Number of Trials is Fixed
You must know the number of trials (n) in advance. The experiment runs for exactly n trials.
Same Probability
The probability of success (p) remains constant for every trial. Conditions shouldn't change during the experiment.
Practical Examples
Example 1: Quality Control
A machine produces items with 3% defect rate. In a sample of 20 items:
n = 20, p = 0.03
Q: What's the probability of exactly 1 defective item?
P(X = 1) = C(20,1) × 0.03¹ × 0.97¹⁹ = 0.3364 (33.64%)
Example 2: Medical Trial
A treatment has 70% success rate. For 15 patients:
n = 15, p = 0.70
Q: What's the probability at least 12 patients are cured?
P(X ≥ 12) = P(12) + P(13) + P(14) + P(15) = 0.2969 (29.69%)
Example 3: Sports Predictions
A basketball player has 80% free throw accuracy. For 10 attempts:
n = 10, p = 0.80
Q: What's the probability of making at least 8 shots?
P(X ≥ 8) = 0.6778 (67.78%)
Expected makes: μ = 10 × 0.80 = 8
Binomial vs. Other Distributions
Binomial vs. Bernoulli
Bernoulli is a special case of binomial with n = 1 (single trial). Binomial can be thought of as the sum of n independent Bernoulli trials.
Binomial vs. Poisson
When n is large and p is small (rare events), the binomial distribution approximates the Poisson distribution with λ = np. Use Poisson when counting events in continuous time/space.
Normal Approximation
When n is large and both np ≥ 5 and n(1-p) ≥ 5, the binomial distribution is approximately normal with μ = np and σ = √(np(1-p)). This simplifies calculations for large n.

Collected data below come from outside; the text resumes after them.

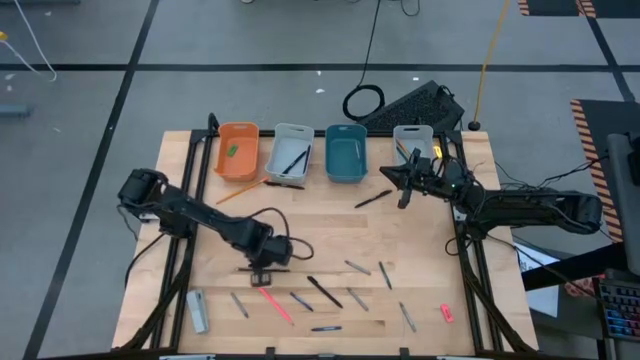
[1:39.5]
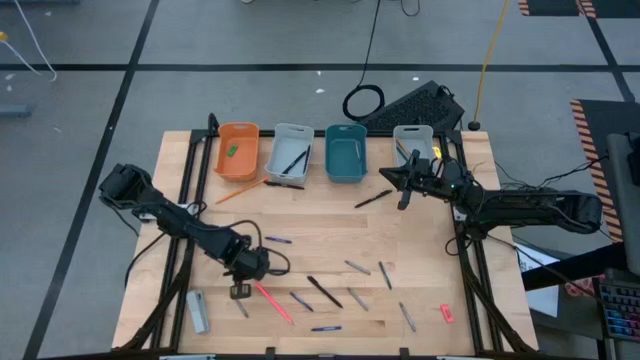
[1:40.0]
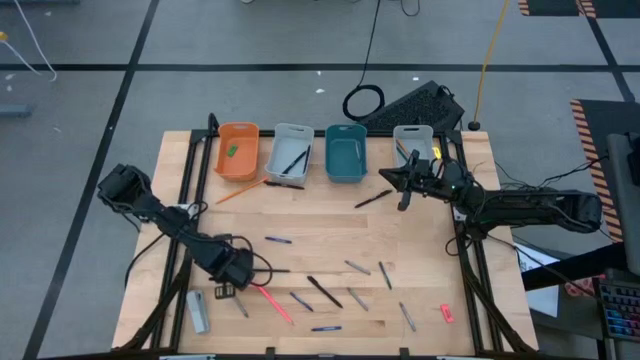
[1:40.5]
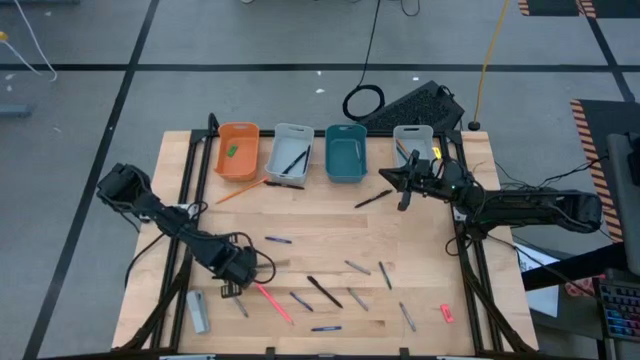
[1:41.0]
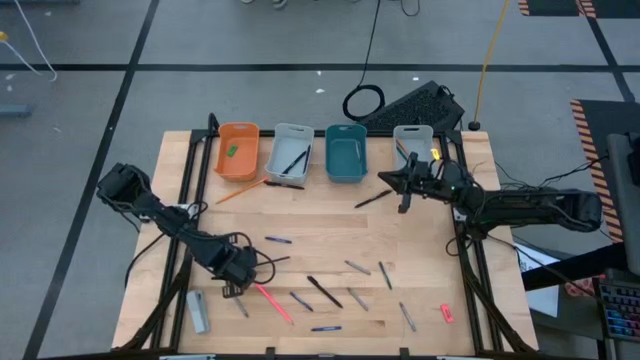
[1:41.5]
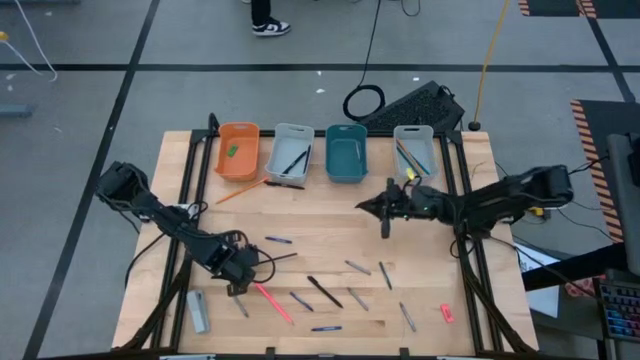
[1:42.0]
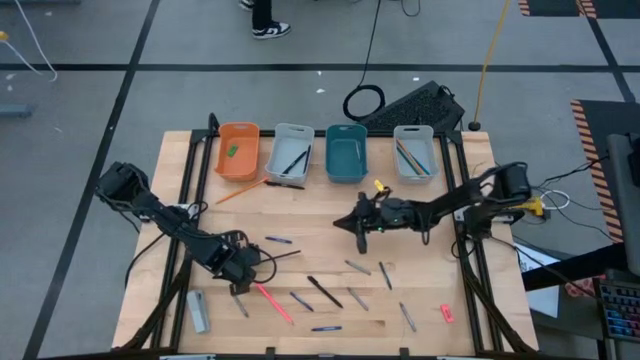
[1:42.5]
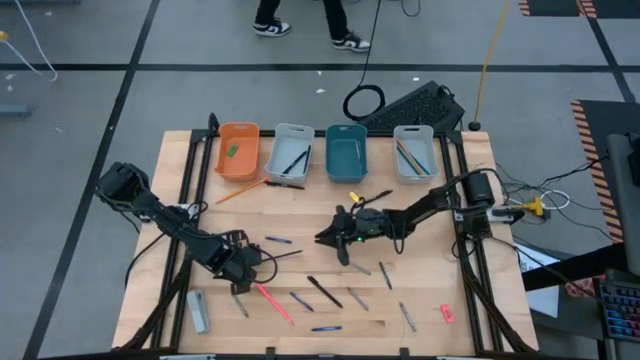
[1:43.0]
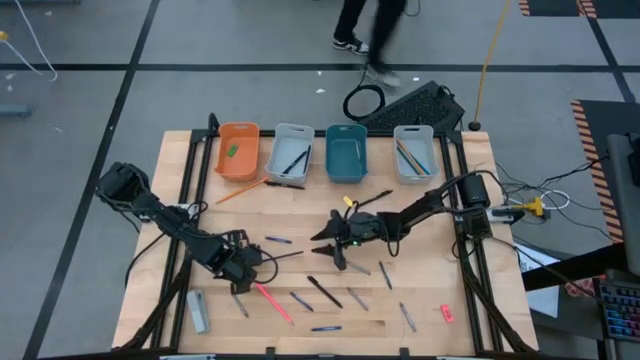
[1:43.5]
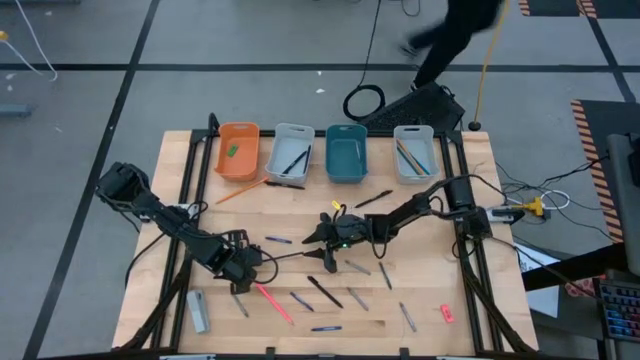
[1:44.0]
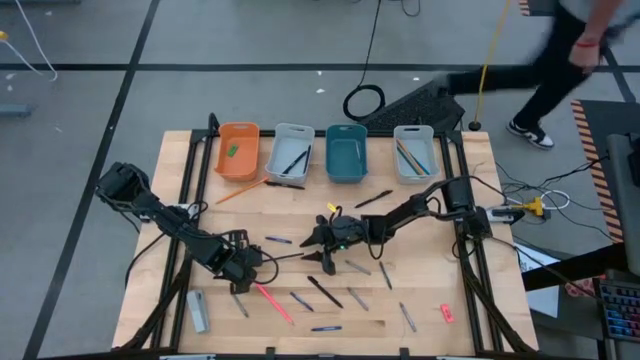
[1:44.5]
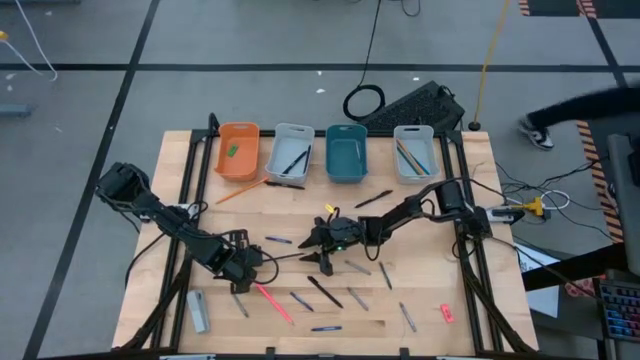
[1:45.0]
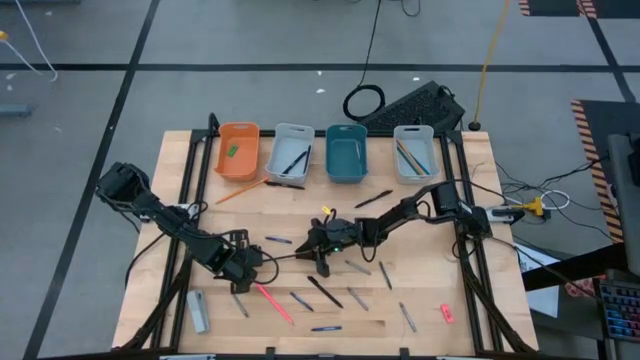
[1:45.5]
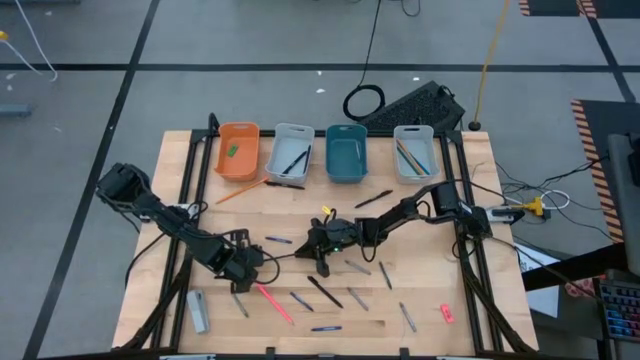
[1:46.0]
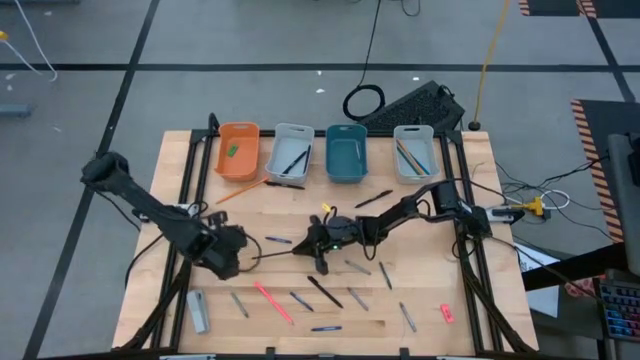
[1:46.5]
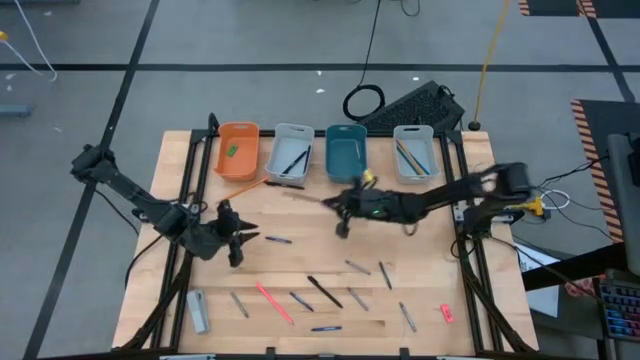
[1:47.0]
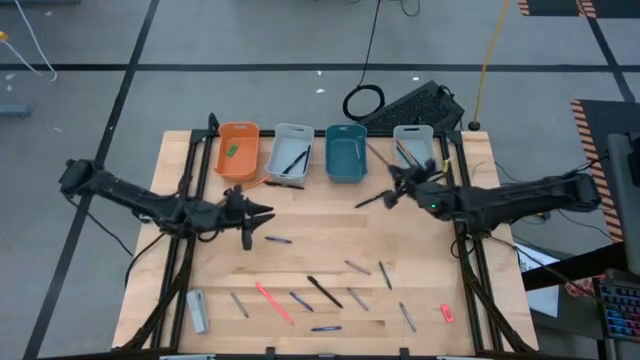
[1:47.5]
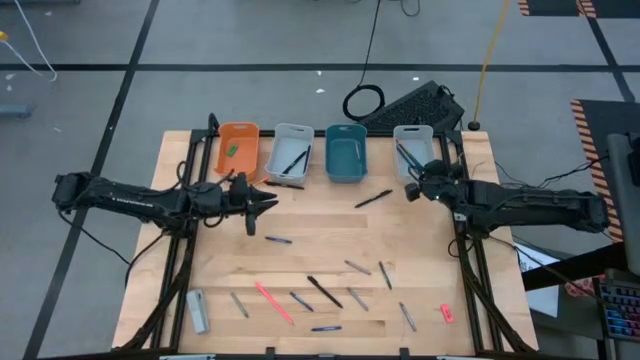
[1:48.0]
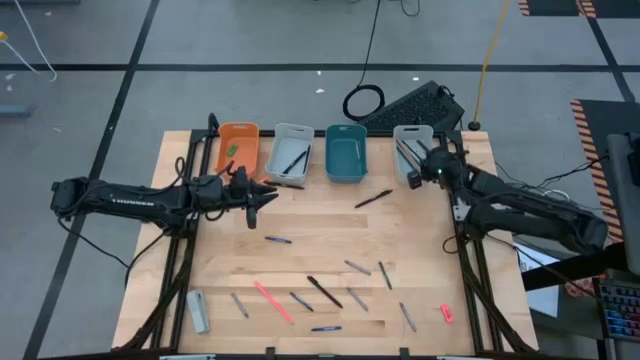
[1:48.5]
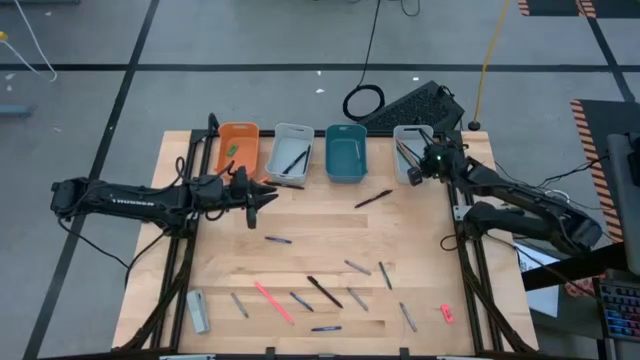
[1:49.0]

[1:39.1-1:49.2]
Task: Sort crayons/erasers/pens/pencils in bins
Put the dark blue colored pencil into the right gray bin

Applications of Binomial Distribution
Quality Assurance
- Acceptance sampling in manufacturing
- Defect rate analysis
- Reliability testing
Medicine and Biology
- Drug efficacy trials
- Genetic inheritance patterns
- Diagnostic test accuracy
Business and Marketing
- Survey response rates
- Conversion rate analysis
- Risk assessment
Education and Psychology
- Test score analysis
- Guessing on multiple choice exams
- Behavioral studies
Frequently Asked Questions
What's the maximum value of n I can use?
This calculator handles n up to 170 due to factorial limitations. For larger n, use the normal approximation or software with arbitrary precision arithmetic.
When should I NOT use binomial distribution?
Don't use it when: trials aren't independent, probability changes between trials, outcomes aren't binary, or sample size is large relative to population (use hypergeometric instead).
How do I know if results are statistically significant?
Compare your observed probability to the significance level (typically α = 0.05). If P(X ≥ observed) < α for an unusually high count, the result may be significant.
What if I get 0.000000 as my answer?
Very small probabilities may display as zero due to rounding. The actual probability exists but is extremely small. This often happens with extreme values of x relative to n and p.